Avant toute chose, je te conseille de mieux lire avant de donner un avis aussi tranché et définitif que "n'importe quoi comme discours". Je ne parlait pas d'OsX mais bel et bien de Linux en faisant particulièrement allusion à Mandriva (anciennement Mandrake) and co. Tu te lance dans une tergiversation sur un sujet que l'on a pas abordé. Sur le plan de la durée d'installation, Mandrake est fort similaire à MacOs.
Tu dis que Gentoo est une distro pour geek/expert, je n'en disconvient pas, c'est bien pour ça que j'ai dit qu'il fallait du temps, de la patience et de l'aspirinr cepandant je connait des amis qui se sont lancé dans linux en commencant avec Gentoo et je peux te garantir que c'est faisable sans trop de problème étant donné la documentation très bien faites et tres bien fournie couplée a un forum aussi bien que celui-ci.
En ce qui concerne les serveurs je suis entièrement d'accord avec toi, mais alors que tu me repproche de parler de Gentoo que tu considère comme une distro de geek, tu viens parler de serveur a qq1 n'ayant jamais touché un liveCD...Un peu de cohérence s'il te plait !



> Linux n'a pas un kernel Unix comme Mac, "Linux is not Unix !".


 
Linux is a clone of the operating system Unix, written from scratch by Linus Torvalds with assistance from a loosely-knit team of hackers across the Net.
(www.kernel.org)
Linux est bel et bien un os basé Unix tout comme MacOs...


----------



## Bilbo (18 Décembre 2005)

Hi, hi, le pauvre Ghost World doit se demander pourquoi vous vous prenez la tête. 

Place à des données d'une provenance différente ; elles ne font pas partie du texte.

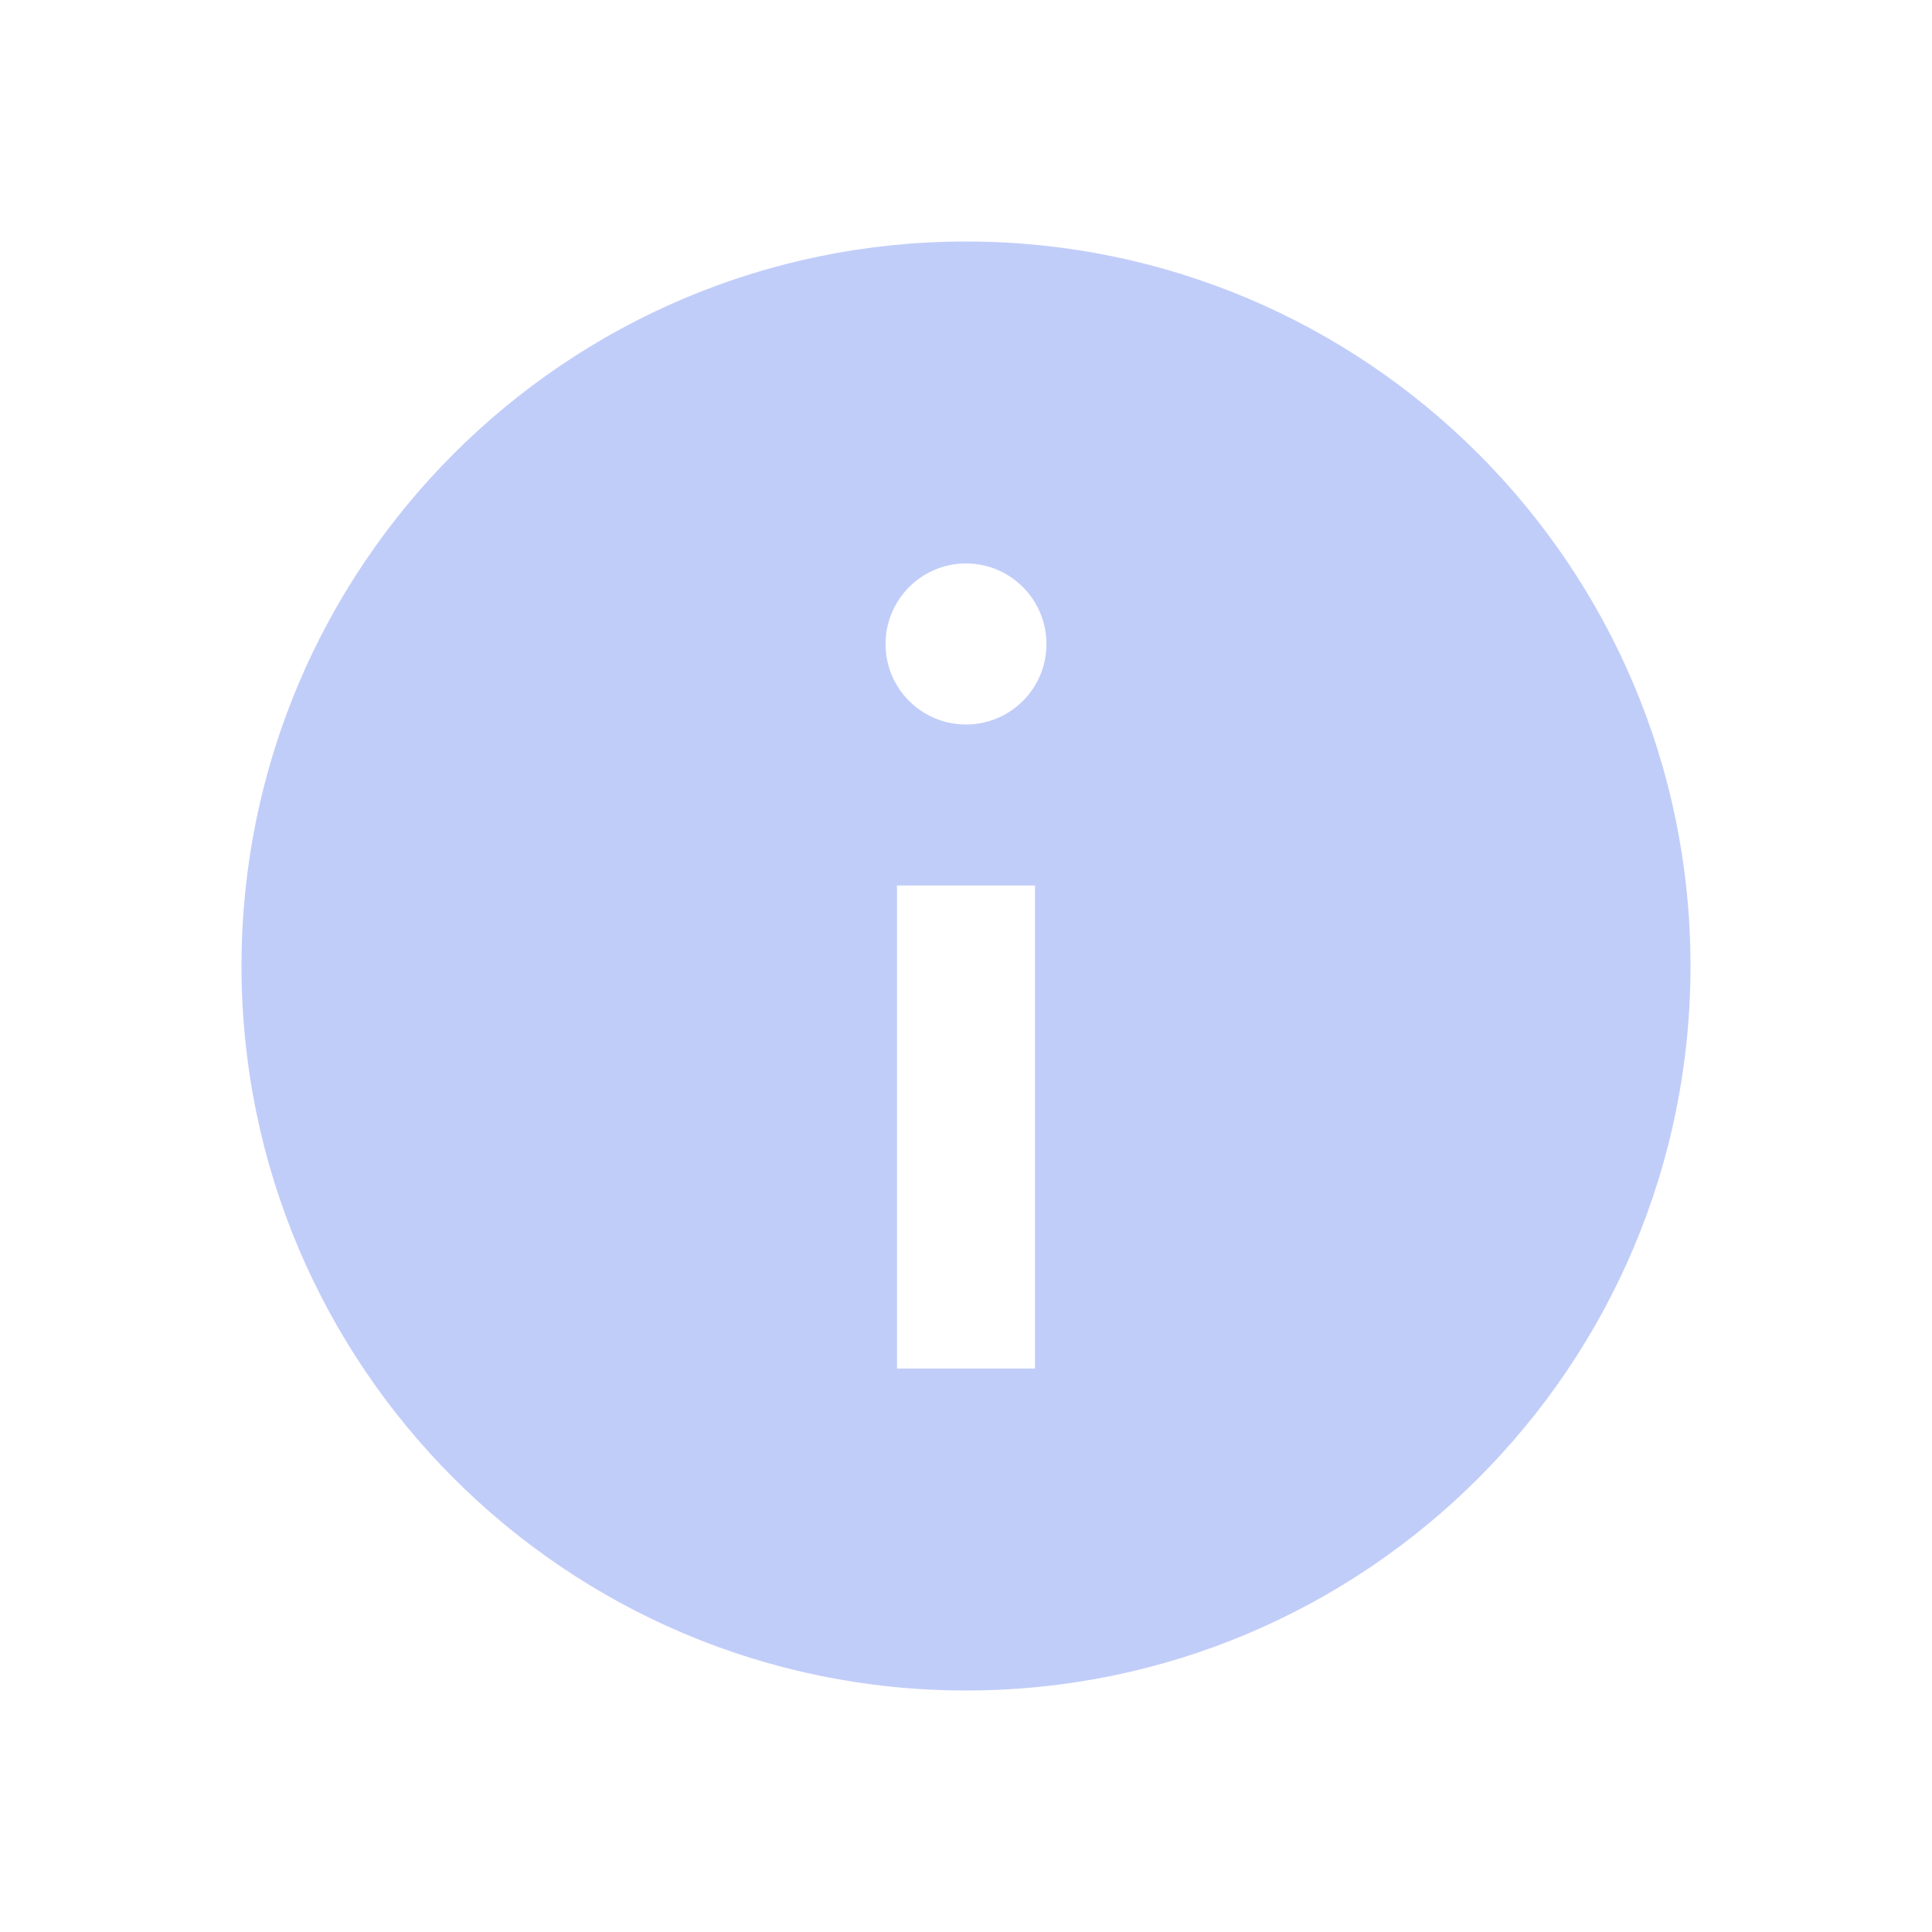 <svg width="14" height="14" viewBox="0 0 14 14" fill="none" xmlns="http://www.w3.org/2000/svg">
<path fill-rule="evenodd" clip-rule="evenodd" d="M12.25 7C12.25 9.899 9.899 12.25 7 12.25C4.101 12.25 1.75 9.899 1.75 7C1.75 4.101 4.101 1.75 7 1.75C9.899 1.75 12.25 4.101 12.25 7ZM7.583 4.667C7.583 4.989 7.322 5.25 7 5.25C6.678 5.25 6.417 4.989 6.417 4.667C6.417 4.345 6.678 4.083 7 4.083C7.322 4.083 7.583 4.345 7.583 4.667ZM7.5 9.917V6.417H6.5V9.917H7.5Z" fill="#2F58EB" fill-opacity="0.3"/>
</svg>
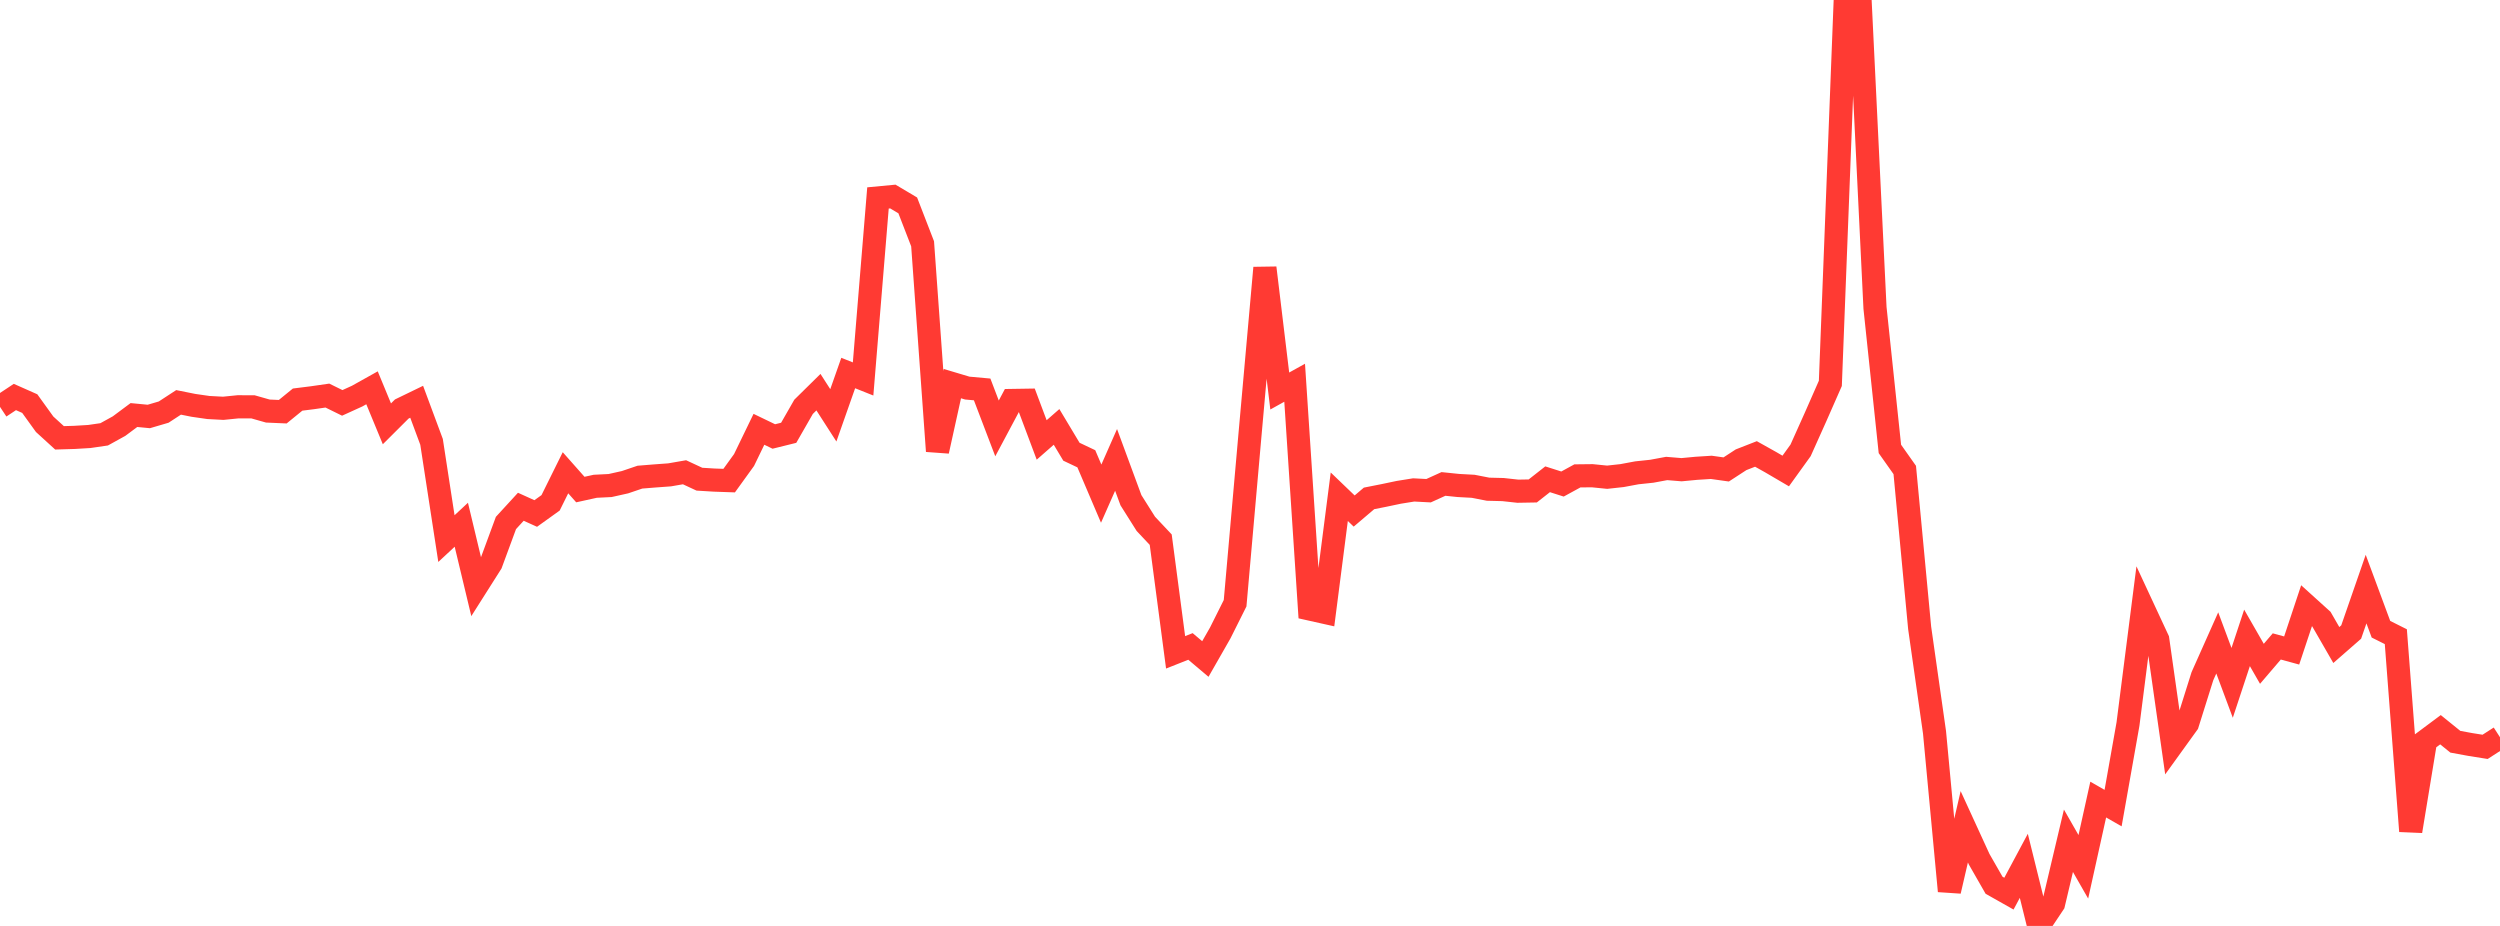 <?xml version="1.0" standalone="no"?>
<!DOCTYPE svg PUBLIC "-//W3C//DTD SVG 1.1//EN" "http://www.w3.org/Graphics/SVG/1.1/DTD/svg11.dtd">

<svg width="135" height="50" viewBox="0 0 135 50" preserveAspectRatio="none" 
  xmlns="http://www.w3.org/2000/svg"
  xmlns:xlink="http://www.w3.org/1999/xlink">


<polyline points="0.0, 21.971 0.804, 21.438 1.607, 21.794 2.411, 22.91 3.214, 23.643 4.018, 23.619 4.821, 23.571 5.625, 23.454 6.429, 23.01 7.232, 22.412 8.036, 22.489 8.839, 22.253 9.643, 21.728 10.446, 21.889 11.25, 22.005 12.054, 22.048 12.857, 21.967 13.661, 21.969 14.464, 22.197 15.268, 22.232 16.071, 21.578 16.875, 21.477 17.679, 21.361 18.482, 21.756 19.286, 21.39 20.089, 20.941 20.893, 22.887 21.696, 22.086 22.5, 21.696 23.304, 23.86 24.107, 29.084 24.911, 28.336 25.714, 31.688 26.518, 30.42 27.321, 28.241 28.125, 27.365 28.929, 27.729 29.732, 27.153 30.536, 25.529 31.339, 26.436 32.143, 26.259 32.946, 26.219 33.75, 26.039 34.554, 25.766 35.357, 25.701 36.161, 25.642 36.964, 25.502 37.768, 25.876 38.571, 25.925 39.375, 25.953 40.179, 24.84 40.982, 23.182 41.786, 23.57 42.589, 23.371 43.393, 21.968 44.196, 21.177 45.0, 22.428 45.804, 20.143 46.607, 20.464 47.411, 10.689 48.214, 10.613 49.018, 11.091 49.821, 13.166 50.625, 24.361 51.429, 20.716 52.232, 20.956 53.036, 21.029 53.839, 23.134 54.643, 21.626 55.446, 21.613 56.25, 23.757 57.054, 23.053 57.857, 24.393 58.661, 24.774 59.464, 26.657 60.268, 24.834 61.071, 27.012 61.875, 28.287 62.679, 29.142 63.482, 35.226 64.286, 34.908 65.089, 35.586 65.893, 34.179 66.696, 32.574 67.5, 23.467 68.304, 14.464 69.107, 21.115 69.911, 20.668 70.714, 32.883 71.518, 33.063 72.321, 26.824 73.125, 27.596 73.929, 26.913 74.732, 26.754 75.536, 26.585 76.339, 26.456 77.143, 26.498 77.946, 26.133 78.75, 26.216 79.554, 26.26 80.357, 26.417 81.161, 26.437 81.964, 26.525 82.768, 26.511 83.571, 25.881 84.375, 26.138 85.179, 25.698 85.982, 25.689 86.786, 25.77 87.589, 25.682 88.393, 25.532 89.196, 25.447 90.0, 25.298 90.804, 25.364 91.607, 25.288 92.411, 25.237 93.214, 25.35 94.018, 24.827 94.821, 24.513 95.625, 24.963 96.429, 25.434 97.232, 24.319 98.036, 22.527 98.839, 20.702 99.643, 0.0 100.446, 0.062 101.25, 16.626 102.054, 24.242 102.857, 25.379 103.661, 33.905 104.464, 39.547 105.268, 48.117 106.071, 44.646 106.875, 46.399 107.679, 47.803 108.482, 48.257 109.286, 46.754 110.089, 50.0 110.893, 48.795 111.696, 45.402 112.5, 46.808 113.304, 43.177 114.107, 43.638 114.911, 39.1 115.714, 32.808 116.518, 34.537 117.321, 40.192 118.125, 39.077 118.929, 36.518 119.732, 34.717 120.536, 36.875 121.339, 34.445 122.143, 35.846 122.946, 34.907 123.75, 35.127 124.554, 32.709 125.357, 33.435 126.161, 34.831 126.964, 34.13 127.768, 31.811 128.571, 33.978 129.375, 34.381 130.179, 44.882 130.982, 40.004 131.786, 39.405 132.589, 40.054 133.393, 40.202 134.196, 40.33 135.0, 39.812" fill="none" stroke="#ff3a33" stroke-width="1.25"/>

</svg>

Ghost World, tu auras des éléments de réponse ici. 

Quant aux autres, je vous laisse à ... Comment disais-je déjà ? Ah oui : "les querelles de chapelles". :casse:

  

À+


----------



## Phobos028 (18 Décembre 2005)

Yggdrasill, ce n'est tout de même pas comme Mac os X, ta phrase ne dit pas que c'est basé dessus mais que c'est un clone, Linux n'est pas basé sur Unix, il ne reprend pas du tout le code d'Unix. Son écriture n'est pas parti d'Unix mais de 0, même si linux est tout de même assez compatible avec unix.
Mac est un Unix, linux est compatible unix


----------



## Gallenza (18 Décembre 2005)

Yggrasill a raison et tord, en effet Linux n'a pas de bout de code d'Unix dedans, contrairement à OS X qui a des bout de FreeBSD qui vient du code original d'Unix.
Par contre il est beaucoup plus proche d'Unix qu'OS X : un kernel monolithique (Linux)  contre un micro-noyau (Mach).


----------



## Yggdrasill (18 Décembre 2005)

Et bien merci de m'avoir détromper alors. Je ne savais pas.
Pensez vous que ce discour de geek profond soit vraiment des plus intéréssante pour la réponse à la question originelle ? 
Sur ce, bonne soirée.


----------



## Phobos028 (19 Décembre 2005)

Bien sûr que c'est interessant, mais euh, c'était quoi la question déjà ?


----------



## Nicoco31 (19 Décembre 2005)

Je vois gratuit en long en large et en travers, ça serait résumer à l'extreme toute une philosophie des licences GNU par exemple...


"Linux is FREE (AS IN FREEDOM)"


----------



## Phobos028 (19 Décembre 2005)

http://fr.wikipedia.org/wiki/Licence_publique_générale_GNU

Un logiciel sous licence GNU n'est pas obligatoirement gratuit, attention, mais l'amalgame est facilement faisable.

La philosophie des licences GNU est plutôt la liberté


----------



## Thierry6 (19 Décembre 2005)

Phobos028 a dit:
			
		

> Bien sûr que c'est interessant, mais euh, c'était quoi la question déjà ?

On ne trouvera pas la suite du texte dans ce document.